# Sierra Sound or Phoenix Sound



## Terry Jackson (Jan 4, 2008)

Does anyone know if Sierra sound units #831027 and #831046 might still be available for sale somewhere for a USA SD70? If Not is the Phoenix sound unit the next choice?

Terry Jackson


----------



## Nicholas Savatgy (Dec 17, 2008)

I have Phoenix sound in my sd-70s OOOOOOOOO so SWEET........


----------



## Dan Pierce (Jan 2, 2008)

If using DCC, there are decoders for under $200 that come with sound and engine control of motor, smoke and lights. 

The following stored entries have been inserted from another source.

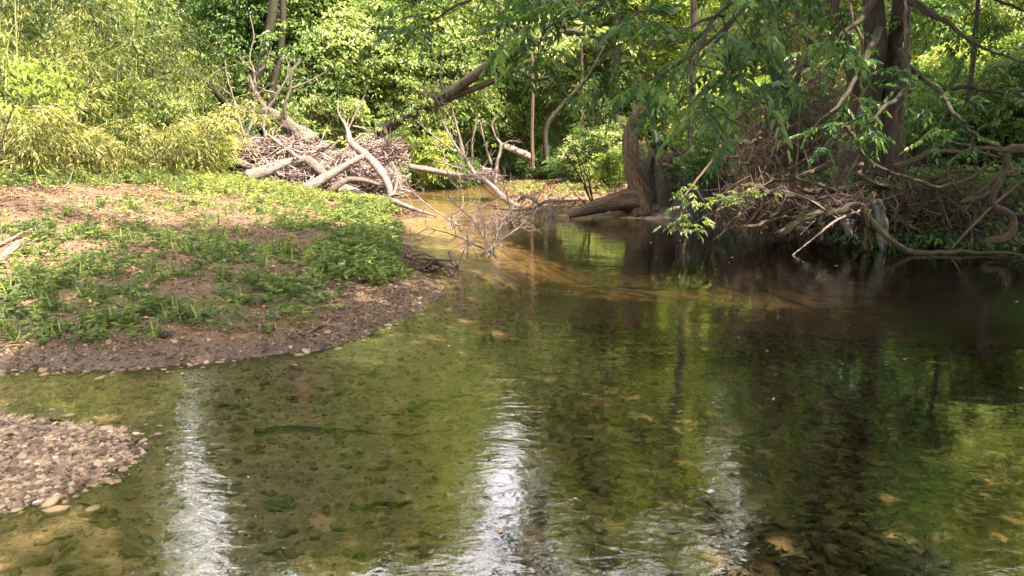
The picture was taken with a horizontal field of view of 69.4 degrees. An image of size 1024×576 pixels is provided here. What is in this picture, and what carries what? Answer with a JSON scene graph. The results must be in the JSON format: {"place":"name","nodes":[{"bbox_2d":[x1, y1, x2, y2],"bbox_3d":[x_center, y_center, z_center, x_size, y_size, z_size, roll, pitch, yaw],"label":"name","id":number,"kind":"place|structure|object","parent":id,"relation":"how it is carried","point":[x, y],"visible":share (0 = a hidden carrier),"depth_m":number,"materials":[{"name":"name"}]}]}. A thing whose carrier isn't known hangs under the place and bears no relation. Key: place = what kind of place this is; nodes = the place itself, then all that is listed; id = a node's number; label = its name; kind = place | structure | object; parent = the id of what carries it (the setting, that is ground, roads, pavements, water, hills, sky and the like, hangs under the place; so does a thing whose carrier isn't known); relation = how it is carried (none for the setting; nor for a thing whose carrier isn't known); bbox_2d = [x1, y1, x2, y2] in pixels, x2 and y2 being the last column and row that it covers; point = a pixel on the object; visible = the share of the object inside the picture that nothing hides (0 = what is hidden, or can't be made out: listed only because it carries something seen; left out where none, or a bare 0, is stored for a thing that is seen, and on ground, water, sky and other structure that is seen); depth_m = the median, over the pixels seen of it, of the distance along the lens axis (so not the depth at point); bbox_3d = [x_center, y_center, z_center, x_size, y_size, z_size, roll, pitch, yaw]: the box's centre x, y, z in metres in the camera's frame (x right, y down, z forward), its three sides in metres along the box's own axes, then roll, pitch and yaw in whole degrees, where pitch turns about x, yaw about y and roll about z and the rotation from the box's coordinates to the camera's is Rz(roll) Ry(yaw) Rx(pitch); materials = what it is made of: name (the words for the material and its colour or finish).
{"place":"outdoors","nodes":[
{"label":"outdoors","id":0,"kind":"place"},
{"bbox_2d":[0,109,1023,575],"bbox_3d":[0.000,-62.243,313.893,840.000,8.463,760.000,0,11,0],"label":"ground","id":1,"kind":"structure","parent":0,"point":[954,309],"depth_m":5.21,"materials":[{"name":"soil"}]},
{"bbox_2d":[0,56,85,160],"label":"yellow sapling","id":2,"kind":"object","parent":1,"relation":"on","point":[33,75],"visible":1,"depth_m":10.85,"materials":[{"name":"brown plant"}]},
{"bbox_2d":[0,0,121,155],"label":"bamboo clump","id":3,"kind":"object","parent":1,"relation":"on","point":[15,5],"visible":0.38,"depth_m":14.26,"materials":[{"name":"green plant"}]},
{"bbox_2d":[3,0,125,161],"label":"bamboo clump","id":4,"kind":"object","parent":1,"relation":"on","point":[44,19],"visible":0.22,"depth_m":15.54,"materials":[{"name":"green plant"}]},
{"bbox_2d":[0,80,130,184],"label":"bamboo clump","id":5,"kind":"object","parent":1,"relation":"on","point":[32,157],"visible":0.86,"depth_m":12.73,"materials":[{"name":"green plant"}]},
{"bbox_2d":[0,0,143,105],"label":"bamboo clump","id":6,"kind":"object","parent":1,"relation":"on","point":[100,32],"visible":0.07,"depth_m":17.35,"materials":[{"name":"green plant"}]},
{"bbox_2d":[0,111,146,175],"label":"bamboo clump","id":7,"kind":"object","parent":1,"relation":"on","point":[77,165],"visible":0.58,"depth_m":14.05,"materials":[{"name":"green plant"}]},
{"bbox_2d":[0,13,148,165],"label":"bamboo clump","id":8,"kind":"object","parent":1,"relation":"on","point":[4,53],"visible":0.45,"depth_m":13.16,"materials":[{"name":"green plant"}]},
{"bbox_2d":[0,409,158,522],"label":"gravel spit","id":9,"kind":"structure","parent":1,"relation":"on","point":[56,470],"depth_m":3.81,"materials":[{"name":"gravel"}]},
{"bbox_2d":[0,0,163,104],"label":"leafy tree","id":10,"kind":"object","parent":1,"relation":"on","point":[120,17],"visible":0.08,"depth_m":20.71,"materials":[{"name":"green plant"}]},
{"bbox_2d":[22,76,150,158],"bbox_3d":[-9.679,-3.772,16.778,2.709,2.368,2.009,-1,11,-7],"label":"leafy shrub","id":11,"kind":"object","parent":1,"relation":"on","point":[104,114],"visible":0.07,"depth_m":16.77,"materials":[{"name":"green plant"}]},
{"bbox_2d":[8,0,199,83],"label":"leafy tree","id":12,"kind":"object","parent":1,"relation":"on","point":[145,16],"visible":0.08,"depth_m":22.93,"materials":[{"name":"green plant"}]},
{"bbox_2d":[0,0,208,168],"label":"bamboo clump","id":13,"kind":"object","parent":1,"relation":"on","point":[89,62],"visible":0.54,"depth_m":14.22,"materials":[{"name":"green plant"}]},
{"bbox_2d":[0,0,209,173],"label":"bamboo clump","id":14,"kind":"object","parent":1,"relation":"on","point":[124,74],"visible":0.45,"depth_m":15.52,"materials":[{"name":"green plant"}]},
{"bbox_2d":[50,119,193,176],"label":"bamboo clump","id":15,"kind":"object","parent":1,"relation":"on","point":[116,161],"visible":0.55,"depth_m":15.17,"materials":[{"name":"green plant"}]},
{"bbox_2d":[42,45,217,165],"bbox_3d":[-9.004,-4.001,17.514,4.108,3.234,3.434,1,11,3],"label":"bamboo clump","id":16,"kind":"object","parent":1,"relation":"on","point":[164,99],"visible":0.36,"depth_m":17.20,"materials":[{"name":"green plant"}]},
{"bbox_2d":[67,0,220,115],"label":"bamboo clump","id":17,"kind":"object","parent":1,"relation":"on","point":[171,26],"visible":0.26,"depth_m":19.95,"materials":[{"name":"green plant"}]},
{"bbox_2d":[89,77,199,163],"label":"leafy shrub","id":18,"kind":"object","parent":1,"relation":"on","point":[176,104],"visible":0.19,"depth_m":18.38,"materials":[{"name":"green plant"}]},
{"bbox_2d":[72,103,250,178],"bbox_3d":[-8.023,-2.944,16.984,3.979,2.526,2.348,-4,12,-21],"label":"bamboo clump","id":19,"kind":"object","parent":1,"relation":"on","point":[184,127],"visible":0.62,"depth_m":16.77,"materials":[{"name":"green plant"}]},
{"bbox_2d":[45,28,279,162],"bbox_3d":[-9.072,-4.595,19.380,4.120,3.881,4.930,3,11,13],"label":"bamboo clump","id":20,"kind":"object","parent":1,"relation":"on","point":[193,89],"visible":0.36,"depth_m":19.03,"materials":[{"name":"green plant"}]},
{"bbox_2d":[127,37,229,106],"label":"branch","id":21,"kind":"object","parent":1,"relation":"on","point":[221,99],"visible":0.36,"depth_m":20.67,"materials":[{"name":"green plant"}]},
{"bbox_2d":[137,0,227,116],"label":"leafy tree","id":22,"kind":"object","parent":1,"relation":"on","point":[176,11],"visible":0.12,"depth_m":34.30,"materials":[{"name":"green plant"}]},
{"bbox_2d":[97,23,274,140],"bbox_3d":[-9.595,-5.296,21.844,5.478,4.312,4.578,2,11,9],"label":"bamboo clump","id":23,"kind":"object","parent":1,"relation":"on","point":[220,77],"visible":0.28,"depth_m":21.16,"materials":[{"name":"green plant"}]},
{"bbox_2d":[138,93,278,175],"bbox_3d":[-8.028,-3.291,18.934,4.974,3.158,2.935,1,11,5],"label":"bamboo clump","id":24,"kind":"object","parent":1,"relation":"on","point":[217,131],"visible":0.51,"depth_m":18.48,"materials":[{"name":"green plant"}]},
{"bbox_2d":[0,155,420,355],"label":"sticks","id":25,"kind":"object","parent":1,"relation":"on","point":[164,238],"visible":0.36,"depth_m":9.79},
{"bbox_2d":[180,134,242,173],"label":"leafy shrub","id":26,"kind":"object","parent":1,"relation":"on","point":[222,149],"visible":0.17,"depth_m":20.02,"materials":[{"name":"green plant"}]},
{"bbox_2d":[0,194,444,372],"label":"bank gravel","id":27,"kind":"structure","parent":1,"relation":"on","point":[23,351],"depth_m":6.20,"materials":[{"name":"gravel"}]},
{"bbox_2d":[137,0,336,97],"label":"leafy tree","id":28,"kind":"object","parent":1,"relation":"on","point":[202,18],"visible":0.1,"depth_m":26.67,"materials":[{"name":"green plant"}]},
{"bbox_2d":[179,98,300,171],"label":"bamboo clump","id":29,"kind":"object","parent":1,"relation":"on","point":[269,118],"visible":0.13,"depth_m":20.69,"materials":[{"name":"green plant"}]},
{"bbox_2d":[242,0,278,133],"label":"tree trunk","id":30,"kind":"object","parent":1,"relation":"on","point":[272,15],"visible":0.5,"depth_m":23.40,"materials":[{"name":"brown plant"}]},
{"bbox_2d":[257,0,285,133],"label":"tree trunk","id":31,"kind":"object","parent":1,"relation":"on","point":[275,75],"visible":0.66,"depth_m":23.78,"materials":[{"name":"brown plant"}]},
{"bbox_2d":[170,0,380,100],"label":"leafy tree","id":32,"kind":"object","parent":1,"relation":"on","point":[230,6],"visible":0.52,"depth_m":24.25,"materials":[{"name":"green plant"}]},
{"bbox_2d":[238,155,312,179],"bbox_3d":[-6.518,-3.295,20.525,2.024,0.802,0.515,-1,11,-7],"label":"driftwood log","id":33,"kind":"object","parent":1,"relation":"on","point":[258,173],"visible":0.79,"depth_m":20.38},
{"bbox_2d":[179,0,408,147],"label":"leafy tree","id":34,"kind":"object","parent":1,"relation":"on","point":[333,84],"visible":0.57,"depth_m":24.52,"materials":[{"name":"green plant"}]},
{"bbox_2d":[257,91,338,159],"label":"leafy shrub","id":35,"kind":"object","parent":1,"relation":"on","point":[295,114],"visible":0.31,"depth_m":23.91,"materials":[{"name":"green plant"}]},
{"bbox_2d":[0,152,612,344],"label":"ground cover","id":36,"kind":"object","parent":1,"relation":"on","point":[366,247],"visible":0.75,"depth_m":8.40,"materials":[{"name":"green plant"}]},
{"bbox_2d":[210,110,414,199],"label":"driftwood twigs","id":37,"kind":"object","parent":1,"relation":"on","point":[384,153],"visible":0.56,"depth_m":21.10,"materials":[{"name":"wood"}]},
{"bbox_2d":[232,57,331,153],"bbox_3d":[-6.965,-5.301,21.993,3.363,3.002,0.988,3,11,17],"label":"broken trunk","id":38,"kind":"object","parent":37,"relation":"on","point":[299,130],"visible":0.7,"depth_m":21.72,"materials":[{"name":"brown plant"}]},
{"bbox_2d":[298,151,367,189],"bbox_3d":[-4.904,-3.075,20.113,2.088,1.278,0.488,-3,11,-13],"label":"driftwood log","id":39,"kind":"object","parent":1,"relation":"on","point":[323,178],"visible":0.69,"depth_m":20.09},
{"bbox_2d":[303,92,396,154],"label":"leafy shrub","id":40,"kind":"object","parent":1,"relation":"on","point":[341,130],"visible":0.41,"depth_m":24.42,"materials":[{"name":"green plant"}]},
{"bbox_2d":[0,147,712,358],"bbox_3d":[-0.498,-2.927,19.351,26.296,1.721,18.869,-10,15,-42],"label":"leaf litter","id":41,"kind":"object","parent":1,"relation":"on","point":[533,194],"visible":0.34,"depth_m":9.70,"materials":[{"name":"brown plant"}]},
{"bbox_2d":[332,88,394,197],"bbox_3d":[-4.012,-4.015,20.438,2.346,3.283,0.936,6,12,28],"label":"driftwood log","id":42,"kind":"object","parent":1,"relation":"on","point":[375,165],"visible":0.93,"depth_m":20.45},
{"bbox_2d":[273,0,485,113],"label":"leafy tree","id":43,"kind":"object","parent":1,"relation":"on","point":[388,21],"visible":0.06,"depth_m":27.37,"materials":[{"name":"green plant"}]},
{"bbox_2d":[285,0,492,152],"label":"leafy tree","id":44,"kind":"object","parent":1,"relation":"on","point":[408,55],"visible":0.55,"depth_m":26.15,"materials":[{"name":"green plant"}]},
{"bbox_2d":[393,122,458,188],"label":"leafy shrub","id":45,"kind":"object","parent":1,"relation":"on","point":[422,157],"visible":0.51,"depth_m":27.28,"materials":[{"name":"green plant"}]},
{"bbox_2d":[415,129,482,186],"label":"leafy shrub","id":46,"kind":"object","parent":1,"relation":"on","point":[453,162],"visible":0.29,"depth_m":29.15,"materials":[{"name":"green plant"}]},
{"bbox_2d":[386,139,513,229],"bbox_3d":[-1.288,-2.063,14.983,2.519,1.905,1.067,2,11,11],"label":"dead snag","id":47,"kind":"object","parent":1,"relation":"on","point":[458,216],"visible":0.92,"depth_m":14.93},
{"bbox_2d":[362,0,540,184],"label":"leafy tree","id":48,"kind":"object","parent":1,"relation":"on","point":[468,52],"visible":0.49,"depth_m":28.87,"materials":[{"name":"green plant"}]},
{"bbox_2d":[405,106,520,187],"bbox_3d":[-1.863,-4.776,23.569,4.748,3.090,1.222,7,13,34],"label":"fallen dead tree","id":49,"kind":"object","parent":1,"relation":"on","point":[439,172],"visible":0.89,"depth_m":23.56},
{"bbox_2d":[397,190,541,258],"bbox_3d":[-0.575,-0.984,11.551,2.279,1.084,1.312,-5,12,-26],"label":"dead snag","id":50,"kind":"object","parent":1,"relation":"on","point":[491,248],"visible":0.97,"depth_m":11.57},
{"bbox_2d":[335,0,638,163],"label":"leaning tree","id":51,"kind":"object","parent":1,"relation":"on","point":[435,102],"visible":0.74,"depth_m":21.80,"materials":[{"name":"green plant"}]},
{"bbox_2d":[467,122,527,180],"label":"leafy shrub","id":52,"kind":"object","parent":1,"relation":"on","point":[505,158],"visible":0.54,"depth_m":32.86,"materials":[{"name":"green plant"}]},
{"bbox_2d":[0,267,1023,575],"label":"bed stones","id":53,"kind":"object","parent":1,"relation":"on","point":[236,489],"visible":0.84,"depth_m":4.40,"materials":[{"name":"stone"}]},
{"bbox_2d":[3,303,1023,575],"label":"pebbles","id":54,"kind":"object","parent":1,"relation":"on","point":[921,483],"depth_m":4.72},
{"bbox_2d":[461,0,606,174],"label":"leafy tree","id":55,"kind":"object","parent":1,"relation":"on","point":[539,110],"visible":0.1,"depth_m":33.16,"materials":[{"name":"green plant"}]},
{"bbox_2d":[510,120,572,178],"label":"leafy shrub","id":56,"kind":"object","parent":1,"relation":"on","point":[539,154],"visible":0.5,"depth_m":30.37,"materials":[{"name":"green plant"}]},
{"bbox_2d":[91,5,1020,154],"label":"woods","id":57,"kind":"object","parent":1,"relation":"on","point":[235,94],"visible":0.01,"depth_m":48.20,"materials":[{"name":"green plant"}]},
{"bbox_2d":[540,123,596,181],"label":"leafy shrub","id":58,"kind":"object","parent":1,"relation":"on","point":[563,163],"visible":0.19,"depth_m":26.96,"materials":[{"name":"green plant"}]},
{"bbox_2d":[543,45,605,164],"bbox_3d":[2.304,-6.822,27.709,2.306,4.392,0.239,0,11,0],"label":"tree trunk","id":59,"kind":"object","parent":1,"relation":"on","point":[546,130],"visible":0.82,"depth_m":27.72,"materials":[{"name":"brown plant"}]},
{"bbox_2d":[544,121,621,203],"bbox_3d":[1.707,-2.753,17.162,1.380,2.205,1.561,9,14,38],"label":"leafy sapling","id":60,"kind":"object","parent":1,"relation":"on","point":[589,152],"visible":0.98,"depth_m":17.20,"materials":[{"name":"green plant"}]},
{"bbox_2d":[501,0,671,148],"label":"leafy tree","id":61,"kind":"object","parent":1,"relation":"on","point":[564,77],"visible":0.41,"depth_m":29.02,"materials":[{"name":"green plant"}]},
{"bbox_2d":[555,112,640,182],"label":"leafy shrub","id":62,"kind":"object","parent":1,"relation":"on","point":[616,133],"visible":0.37,"depth_m":25.14,"materials":[{"name":"green plant"}]},
{"bbox_2d":[577,146,626,189],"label":"leafy shrub","id":63,"kind":"object","parent":1,"relation":"on","point":[608,170],"visible":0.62,"depth_m":22.07,"materials":[{"name":"green plant"}]},
{"bbox_2d":[356,0,877,187],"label":"ash tree","id":64,"kind":"object","parent":1,"relation":"on","point":[735,61],"visible":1,"depth_m":5.51,"materials":[{"name":"green plant"}]},
{"bbox_2d":[537,0,702,118],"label":"leafy tree","id":65,"kind":"object","parent":1,"relation":"on","point":[629,53],"visible":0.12,"depth_m":28.86,"materials":[{"name":"green plant"}]},
{"bbox_2d":[568,101,695,217],"bbox_3d":[2.714,-2.897,16.703,2.907,2.740,0.995,0,11,0],"label":"uprooted tree","id":66,"kind":"object","parent":1,"relation":"on","point":[648,191],"visible":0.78,"depth_m":16.48,"materials":[{"name":"brown plant"}]},
{"bbox_2d":[585,0,745,133],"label":"leafy tree","id":67,"kind":"object","parent":1,"relation":"on","point":[663,51],"visible":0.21,"depth_m":27.87,"materials":[{"name":"green plant"}]},
{"bbox_2d":[687,0,696,151],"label":"tree trunk","id":68,"kind":"object","parent":1,"relation":"on","point":[693,15],"visible":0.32,"depth_m":16.74,"materials":[{"name":"brown plant"}]},
{"bbox_2d":[661,149,730,240],"bbox_3d":[3.627,-1.740,14.711,1.382,2.024,1.282,0,11,0],"label":"leafy sapling","id":69,"kind":"object","parent":1,"relation":"on","point":[678,166],"visible":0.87,"depth_m":14.58,"materials":[{"name":"green plant"}]},
{"bbox_2d":[669,104,751,215],"bbox_3d":[4.053,-2.476,14.910,1.854,2.591,1.520,0,11,0],"label":"leafy sapling","id":70,"kind":"object","parent":1,"relation":"on","point":[685,148],"visible":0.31,"depth_m":14.86,"materials":[{"name":"green plant"}]},
{"bbox_2d":[662,59,760,148],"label":"leafy shrub","id":71,"kind":"object","parent":1,"relation":"on","point":[674,120],"visible":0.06,"depth_m":19.11,"materials":[{"name":"green plant"}]},
{"bbox_2d":[674,84,767,207],"bbox_3d":[4.322,-2.617,14.481,1.959,2.738,1.343,-5,12,-22],"label":"leafy sapling","id":72,"kind":"object","parent":1,"relation":"on","point":[733,130],"visible":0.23,"depth_m":14.23,"materials":[{"name":"green plant"}]},
{"bbox_2d":[681,117,760,190],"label":"leafy shrub","id":73,"kind":"object","parent":1,"relation":"on","point":[722,176],"visible":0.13,"depth_m":15.62,"materials":[{"name":"green plant"}]},
{"bbox_2d":[680,64,781,153],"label":"leafy shrub","id":74,"kind":"object","parent":1,"relation":"on","point":[760,81],"visible":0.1,"depth_m":17.72,"materials":[{"name":"green plant"}]},
{"bbox_2d":[663,0,844,132],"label":"leafy tree","id":75,"kind":"object","parent":1,"relation":"on","point":[735,28],"visible":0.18,"depth_m":23.46,"materials":[{"name":"green plant"}]},
{"bbox_2d":[711,64,826,185],"bbox_3d":[4.320,-2.699,12.766,2.051,2.550,1.338,-4,12,-20],"label":"leafy sapling","id":76,"kind":"object","parent":1,"relation":"on","point":[795,111],"visible":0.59,"depth_m":12.73,"materials":[{"name":"green plant"}]},
{"bbox_2d":[704,11,854,192],"bbox_3d":[5.171,-3.382,13.487,2.460,3.619,3.472,8,14,37],"label":"vine tangle","id":77,"kind":"object","parent":1,"relation":"on","point":[756,154],"visible":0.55,"depth_m":13.29,"materials":[{"name":"plant"}]},
{"bbox_2d":[741,1,830,130],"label":"leaning tree","id":78,"kind":"object","parent":1,"relation":"on","point":[808,43],"visible":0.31,"depth_m":13.43,"materials":[{"name":"green plant"}]},
{"bbox_2d":[765,142,902,258],"bbox_3d":[5.049,-1.365,11.823,2.084,1.890,1.480,0,11,0],"label":"root mat","id":79,"kind":"object","parent":1,"relation":"on","point":[833,202],"visible":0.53,"depth_m":11.64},
{"bbox_2d":[870,199,888,250],"bbox_3d":[5.684,-0.980,11.457,0.282,0.796,0.176,-3,11,-13],"label":"torn sheet","id":80,"kind":"object","parent":79,"relation":"hanging from","point":[879,211],"visible":0.88,"depth_m":11.45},
{"bbox_2d":[684,136,1023,283],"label":"bank undergrowth","id":81,"kind":"object","parent":1,"relation":"on","point":[850,180],"visible":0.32,"depth_m":12.20,"materials":[{"name":"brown plant"}]},
{"bbox_2d":[777,0,939,134],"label":"leafy tree","id":82,"kind":"object","parent":1,"relation":"on","point":[845,4],"visible":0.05,"depth_m":24.50,"materials":[{"name":"green plant"}]},
{"bbox_2d":[725,0,1023,255],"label":"tree","id":83,"kind":"object","parent":1,"relation":"on","point":[888,64],"visible":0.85,"depth_m":11.41,"materials":[{"name":"brown plant"}]},
{"bbox_2d":[652,144,720,257],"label":"leafy vine","id":84,"kind":"object","parent":83,"relation":"hanging from","point":[681,218],"visible":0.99,"depth_m":10.94,"materials":[{"name":"green plant"}]},
{"bbox_2d":[700,180,782,211],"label":"leafy twig","id":85,"kind":"object","parent":83,"relation":"attached to","point":[725,198],"visible":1,"depth_m":11.26,"materials":[{"name":"green plant"}]},
{"bbox_2d":[684,139,855,258],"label":"hanging rootlets","id":86,"kind":"object","parent":83,"relation":"hanging from","point":[752,211],"visible":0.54,"depth_m":12.44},
{"bbox_2d":[894,0,915,164],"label":"hanging vine","id":87,"kind":"object","parent":83,"relation":"hanging from","point":[910,58],"visible":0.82,"depth_m":11.54,"materials":[{"name":"brown plant"}]},
{"bbox_2d":[940,122,1023,248],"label":"gnarled root","id":88,"kind":"object","parent":83,"relation":"attached to","point":[995,182],"visible":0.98,"depth_m":10.87,"materials":[{"name":"brown plant"}]},
{"bbox_2d":[821,24,960,137],"bbox_3d":[8.230,-4.375,16.134,2.919,2.673,3.166,-1,11,-6],"label":"leafy shrub","id":89,"kind":"object","parent":1,"relation":"on","point":[913,88],"visible":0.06,"depth_m":15.67,"materials":[{"name":"green plant"}]},
{"bbox_2d":[807,0,1005,134],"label":"leafy tree","id":90,"kind":"object","parent":1,"relation":"on","point":[937,28],"visible":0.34,"depth_m":19.54,"materials":[{"name":"green plant"}]},
{"bbox_2d":[829,156,1023,249],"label":"bank rootlets","id":91,"kind":"object","parent":1,"relation":"on","point":[953,207],"visible":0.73,"depth_m":11.73,"materials":[{"name":"wood"}]},
{"bbox_2d":[904,112,997,170],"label":"leafy sapling","id":92,"kind":"object","parent":1,"relation":"on","point":[960,139],"visible":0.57,"depth_m":12.90,"materials":[{"name":"green plant"}]},
{"bbox_2d":[903,47,1021,164],"bbox_3d":[8.592,-3.520,14.356,2.794,2.358,2.576,0,11,1],"label":"leafy shrub","id":93,"kind":"object","parent":1,"relation":"on","point":[942,63],"visible":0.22,"depth_m":14.12,"materials":[{"name":"green plant"}]},
{"bbox_2d":[903,42,1023,166],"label":"leafy shrub","id":94,"kind":"object","parent":1,"relation":"on","point":[1001,128],"visible":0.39,"depth_m":13.56,"materials":[{"name":"green plant"}]},
{"bbox_2d":[907,24,1023,129],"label":"leafy shrub","id":95,"kind":"object","parent":1,"relation":"on","point":[934,57],"visible":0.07,"depth_m":16.82,"materials":[{"name":"green plant"}]},
{"bbox_2d":[911,0,1023,78],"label":"leafy tree","id":96,"kind":"object","parent":1,"relation":"on","point":[1014,16],"visible":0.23,"depth_m":19.75,"materials":[{"name":"green plant"}]},
{"bbox_2d":[965,0,979,99],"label":"tree trunk","id":97,"kind":"object","parent":1,"relation":"on","point":[972,63],"visible":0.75,"depth_m":12.84,"materials":[{"name":"brown plant"}]},
{"bbox_2d":[928,53,1023,164],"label":"leafy sapling","id":98,"kind":"object","parent":1,"relation":"on","point":[991,63],"visible":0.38,"depth_m":13.45,"materials":[{"name":"green plant"}]},
{"bbox_2d":[937,57,1023,164],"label":"leafy shrub","id":99,"kind":"object","parent":1,"relation":"on","point":[1019,156],"visible":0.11,"depth_m":13.60,"materials":[{"name":"green plant"}]},
{"bbox_2d":[968,27,1023,86],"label":"leafy shrub","id":100,"kind":"object","parent":1,"relation":"on","point":[1012,42],"visible":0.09,"depth_m":15.88,"materials":[{"name":"green plant"}]},
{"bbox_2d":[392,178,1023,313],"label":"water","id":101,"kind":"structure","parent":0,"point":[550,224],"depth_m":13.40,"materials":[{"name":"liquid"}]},
{"bbox_2d":[404,249,464,277],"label":"rotting branch","id":102,"kind":"object","parent":101,"relation":"in","point":[453,266],"visible":0.82,"depth_m":9.78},
{"bbox_2d":[465,166,579,223],"bbox_3d":[0.198,-1.886,15.205,2.410,1.400,0.788,0,11,0],"label":"dead snag","id":103,"kind":"object","parent":101,"relation":"in","point":[510,221],"visible":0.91,"depth_m":15.29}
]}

Phoenix sound units are programmable and sound great, but you only get sound, no motor/smoke or light control. 

Look at the specs for the Zimo 690S, programmable and lots of features for light control. 

MRC has a unit, but it is not programmable and is rated at 21 volts max. Many supplies are 24 volts or higher for our garden railways and that would stress that unit, or make it burn up/fail.


----------



## Ward H (Jan 5, 2008)

Terry, 
I hear the SS cards are getting scarce. I did see a few on E-bay lately. Not sure if they are the sound you want. 
As Dan said, the Phoenix sound units are programmable. That allows you to put the board in your SD-70 and later you can move it to a BigBoy steam loco. Just re program it and you are all set. And they work well with PWC.


----------



## Stan Cedarleaf (Jan 2, 2008)

Hi Terry.... I just sent you an a private message...


----------